HW 8: 8.2, 8.4, 8.8, 8.16, 8.18

8.2 Baby weights, Part II.
Exercise 8.1 introduces a data set on birth weight of babies. Another variable we consider is parity, which is 0 if the child is the first born, and 1 otherwise. The summary table below shows the results of a linear regression model for predicting the average birth weight of babies, measured in ounces, from parity.

(a) Write the equation of the regression line.
weight = 120.07 -1.93\(\times\)parity

  1. Interpret the slope in this context, and calculate the predicted birth weight of first borns and others.
    If the child is the first born, parity will be 0, the baby’s weight will be 120.07 ounces; otherwise, partify will be 1, the baby’s weight will be 118.14 ounces.

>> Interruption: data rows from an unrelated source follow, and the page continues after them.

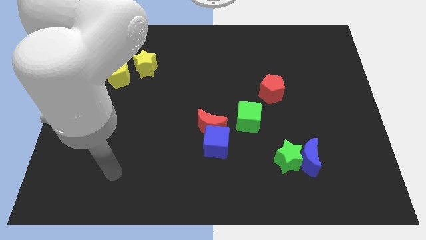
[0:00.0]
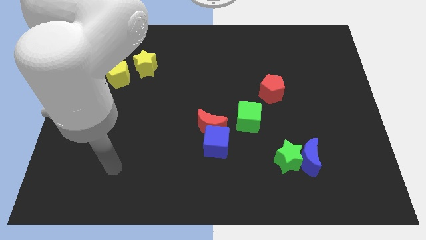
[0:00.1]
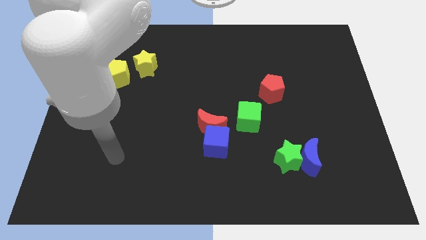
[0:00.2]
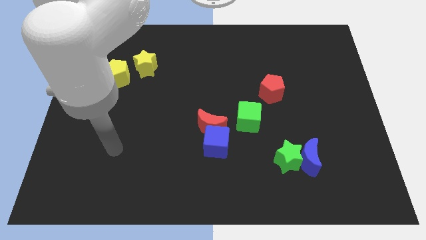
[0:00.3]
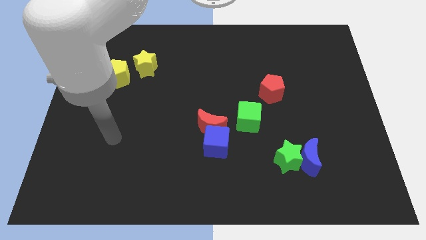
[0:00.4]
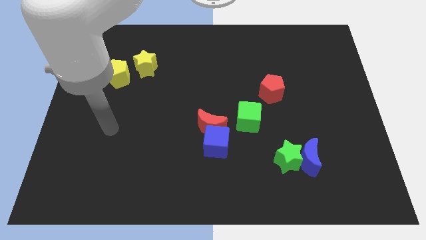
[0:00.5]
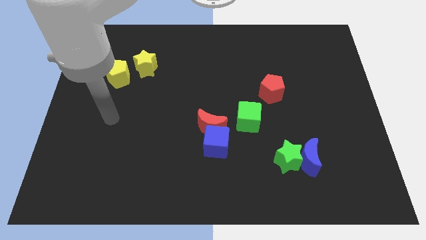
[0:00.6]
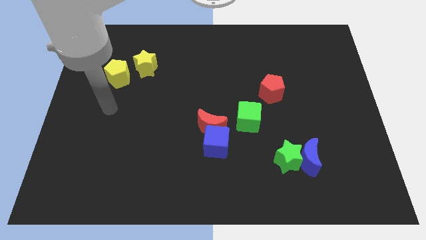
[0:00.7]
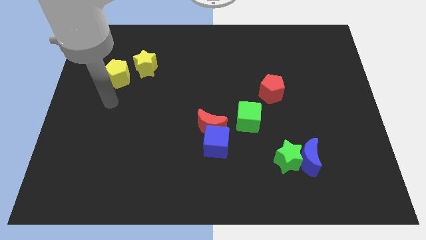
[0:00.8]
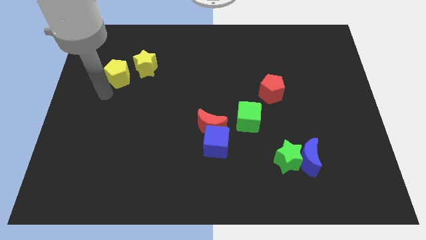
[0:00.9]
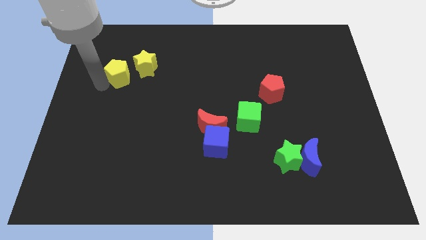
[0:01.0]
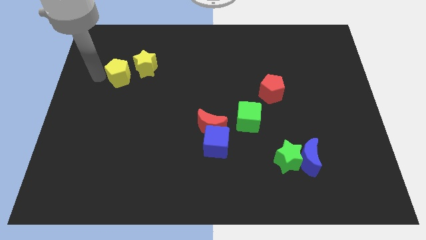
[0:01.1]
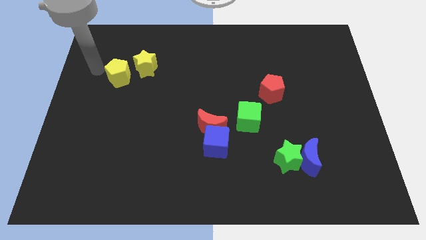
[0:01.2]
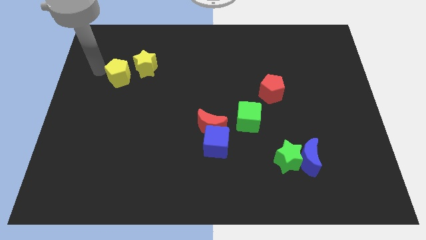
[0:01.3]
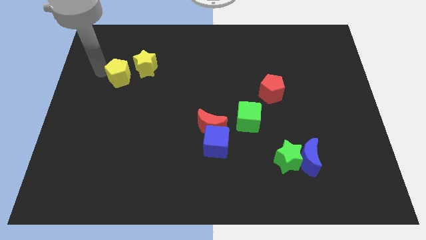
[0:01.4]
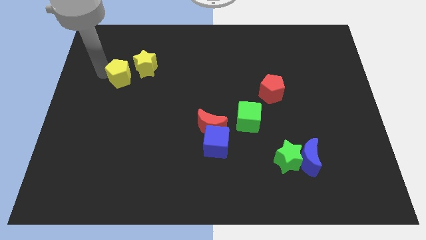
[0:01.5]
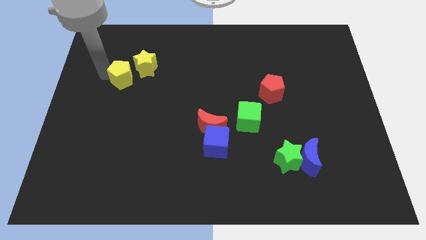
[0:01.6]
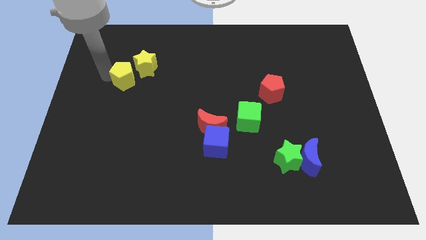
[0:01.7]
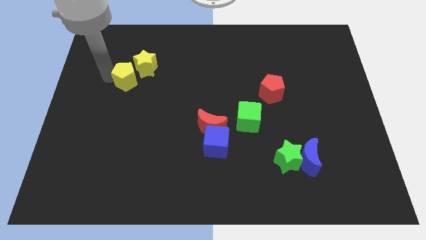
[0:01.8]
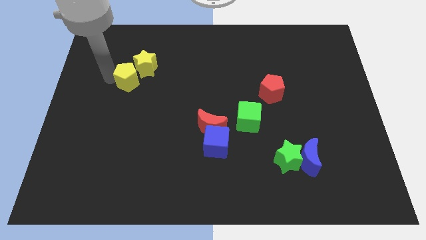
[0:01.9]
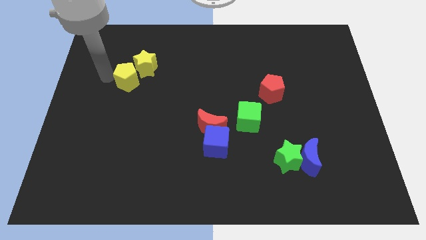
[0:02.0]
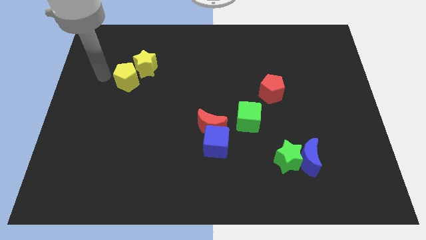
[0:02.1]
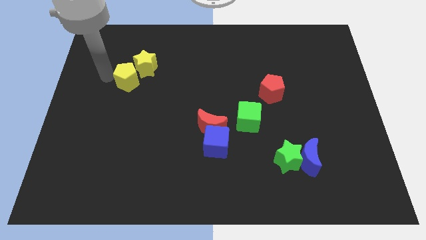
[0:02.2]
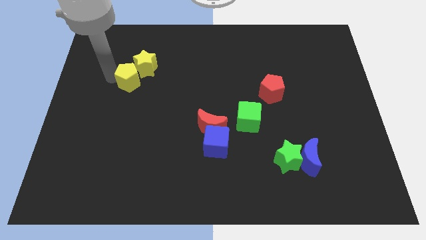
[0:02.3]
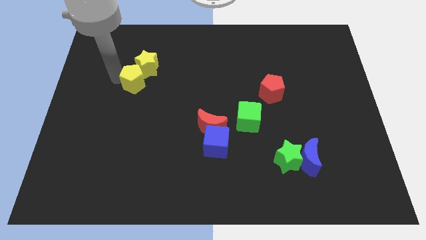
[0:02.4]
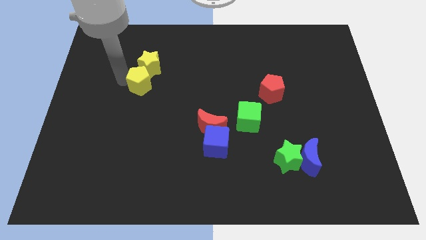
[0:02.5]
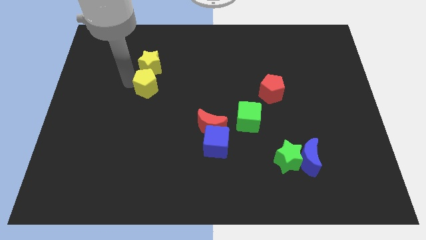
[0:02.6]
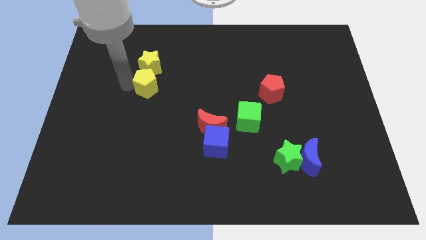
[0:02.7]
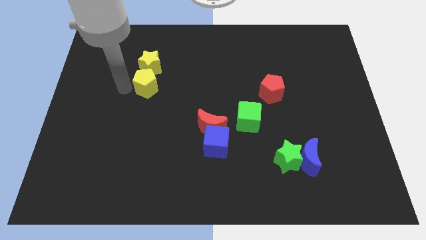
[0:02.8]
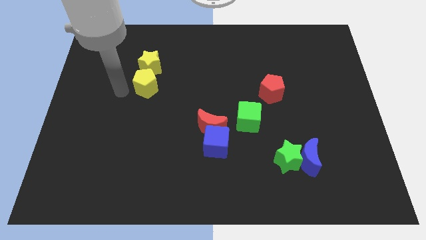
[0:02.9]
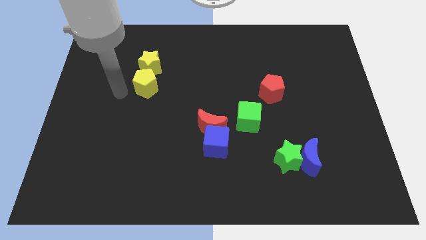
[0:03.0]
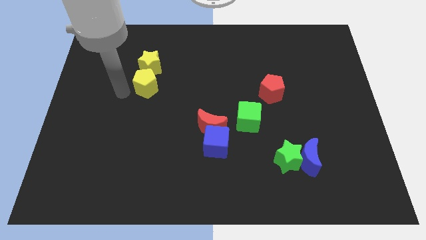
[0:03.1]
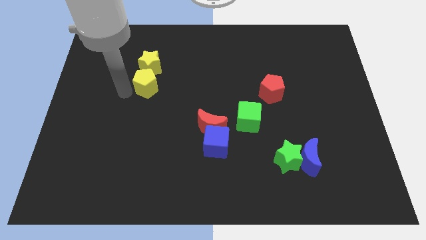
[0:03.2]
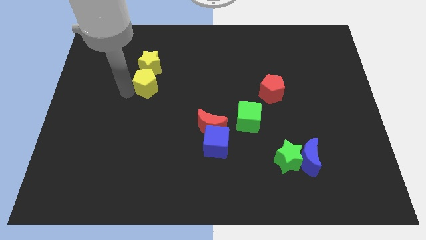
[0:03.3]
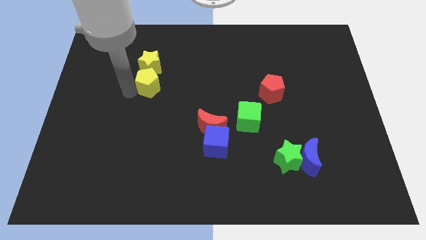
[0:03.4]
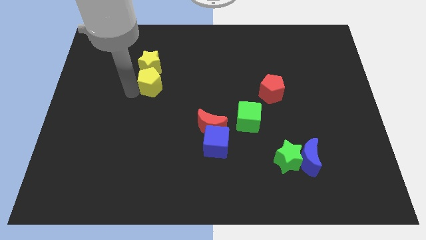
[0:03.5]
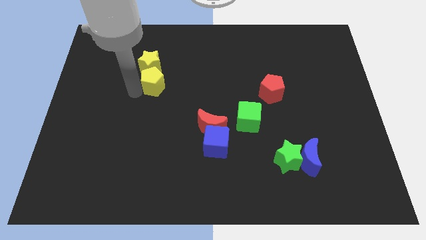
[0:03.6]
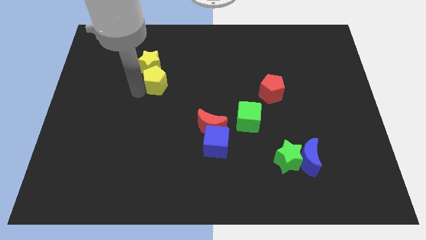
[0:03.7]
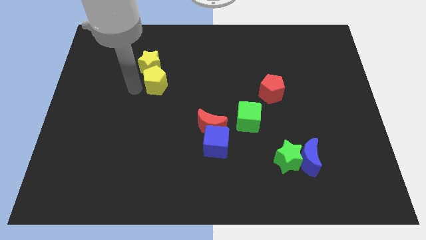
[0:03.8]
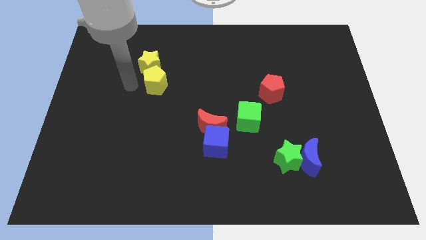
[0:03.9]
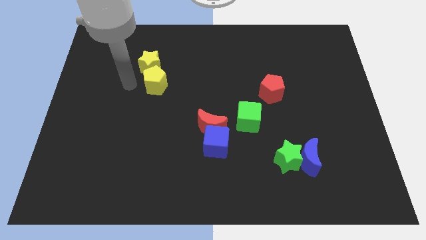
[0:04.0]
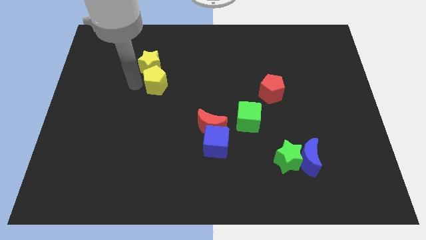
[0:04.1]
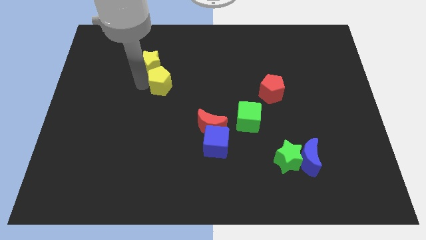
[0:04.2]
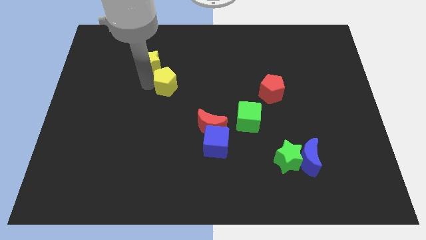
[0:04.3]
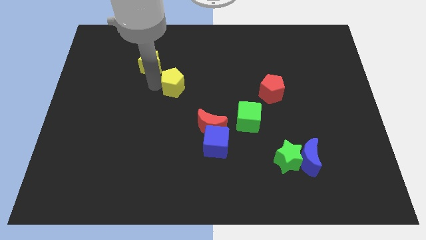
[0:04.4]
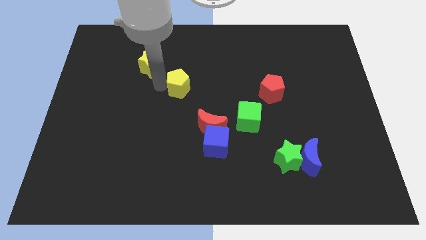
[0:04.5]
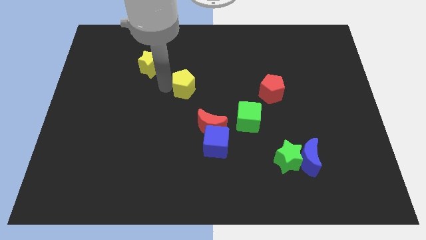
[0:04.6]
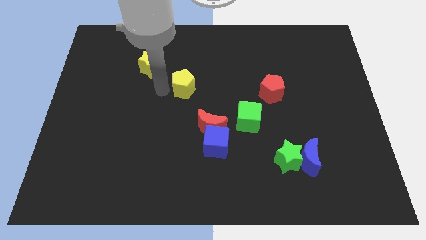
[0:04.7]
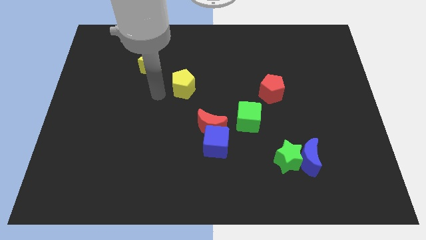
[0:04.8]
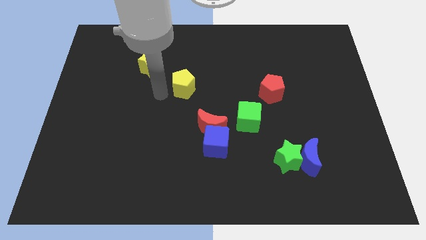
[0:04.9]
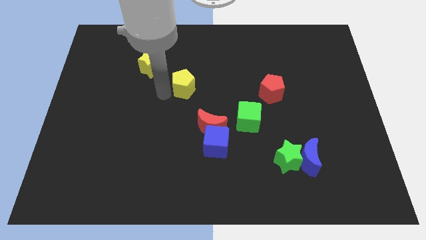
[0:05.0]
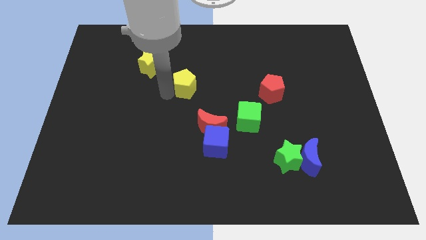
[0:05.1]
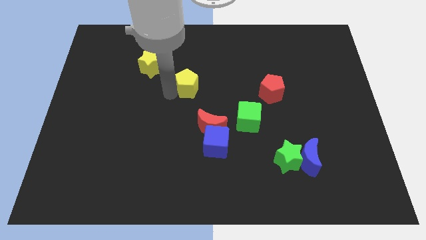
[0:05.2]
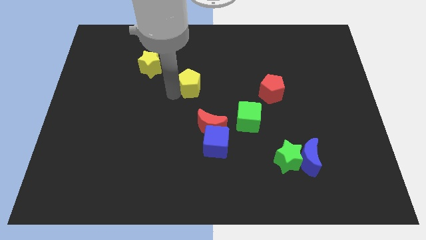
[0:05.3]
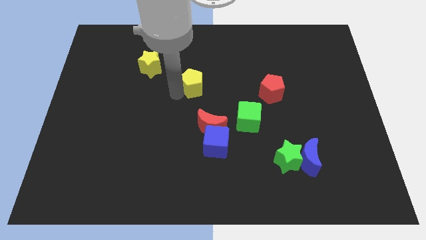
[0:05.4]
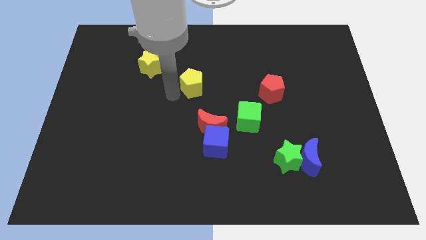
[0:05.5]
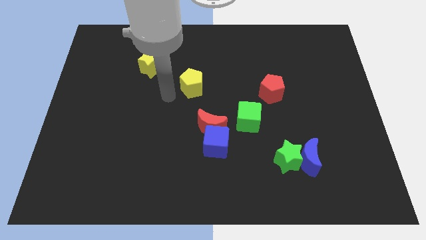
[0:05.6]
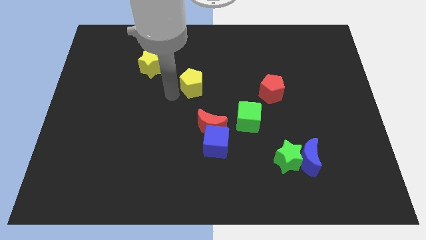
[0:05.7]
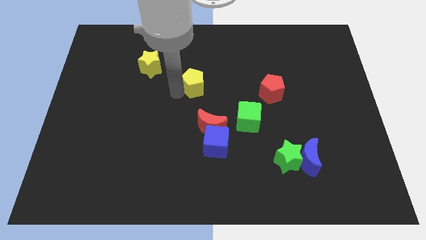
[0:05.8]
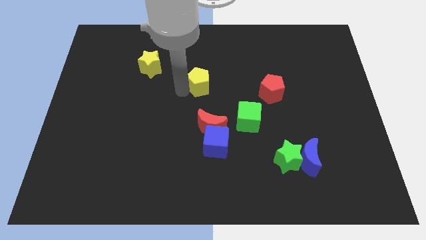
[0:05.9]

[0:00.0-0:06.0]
slide the yellow pentagon to the right

  2. Is there a statistically significant relationship between the average birth weight and parity?
    No, the p-value is 0.1052 for parity which is larger than 0.05 and therefore no statistical significance.


8.4 Absenteeism.
Researchers interested in the relationship between absenteeism from school and certain demographic characteristics of children collected data from 146 randomly sampled students in rural New South Wales, Australia, in a particular school year. Below are three observations from this data set.

The summary table below shows the results of a linear regression model for predicting the average number of days absent based on ethnic background (eth: 0 - aboriginal, 1 - not aboriginal), sex (sex: 0 - female, 1 - male), and learner status (lrn: 0 - average learner, 1 - slow learner).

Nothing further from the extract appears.